# Verona SX 405S Semi auto 12 ga



## Huntinbull (Apr 10, 2004)

Recently got one of these and was wondering if anyone knew where I could get more info. Even some Manufacturer info, possibly something about the gas system. I do not know if I should use slugs in it. Light trap loads sometimes do not cycle the gun properly, but normal hunting loads seem to do okay, which leads me to believe that the gas system is set up to handle heavier loads, IE slugs. 

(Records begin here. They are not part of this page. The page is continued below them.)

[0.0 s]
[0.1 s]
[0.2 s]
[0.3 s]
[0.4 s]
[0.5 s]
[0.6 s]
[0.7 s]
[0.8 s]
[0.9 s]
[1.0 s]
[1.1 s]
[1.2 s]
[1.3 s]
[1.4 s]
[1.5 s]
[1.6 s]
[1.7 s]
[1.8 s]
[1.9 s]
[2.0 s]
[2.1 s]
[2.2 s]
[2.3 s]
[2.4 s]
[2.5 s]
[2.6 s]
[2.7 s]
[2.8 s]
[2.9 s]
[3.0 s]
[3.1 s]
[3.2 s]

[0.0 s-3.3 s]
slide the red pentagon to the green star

thanks for any info or even any chatter on the gun at all.

Huntinbull


----------



## buckeyeguy (Aug 20, 2006)

Hope this helps. I just did a search on it.

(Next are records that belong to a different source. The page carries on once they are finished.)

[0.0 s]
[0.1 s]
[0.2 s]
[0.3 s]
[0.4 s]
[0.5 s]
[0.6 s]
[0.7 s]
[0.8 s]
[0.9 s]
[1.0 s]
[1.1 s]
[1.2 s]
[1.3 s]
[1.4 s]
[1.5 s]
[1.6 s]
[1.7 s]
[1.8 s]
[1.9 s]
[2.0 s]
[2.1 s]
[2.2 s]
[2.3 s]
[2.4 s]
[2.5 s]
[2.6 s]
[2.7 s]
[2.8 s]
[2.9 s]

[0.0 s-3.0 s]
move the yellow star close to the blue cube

http://www.shotgunworld.com/bbs/viewtopic.php?f=63&t=134673&sid=c6428255581a7bfa4a642e2394ad6b58


http://www.shotgunworld.com/bbs/viewforum.php?f=63&sid=17287ce41012104b01d404cb41e43433


----------



## TomC (Aug 14, 2007)

I've had one for about 6 years now. Ive shot everytihng from 2 3/4 8's to 3" 4shot turkey loads out of mine. Only time ive had any problems with it jamming is when i shoot it for months and dont clean it. Keep it clean and don't use a lot of oil on it. Horniday one shot cleaner/dry lube is what i mainly use on it. Also if you look on the recoil spring when you take it apart, the metal part, not sure what is is has a stamp with 2 diff letters on on each end. One is for heavy loads turn it around for lighter loads.


----------



## Huntinbull (Apr 10, 2004)

which letters should be up for which loads? Thanks to both of you for the great info.

Huntinbull


----------



## TomC (Aug 14, 2007)

If your shotting magnum loads put the (M) on the top, if using light loads put the M on the bottom.


----------



## Huntinbull (Apr 10, 2004)

SWEEET! Thanks TomC


----------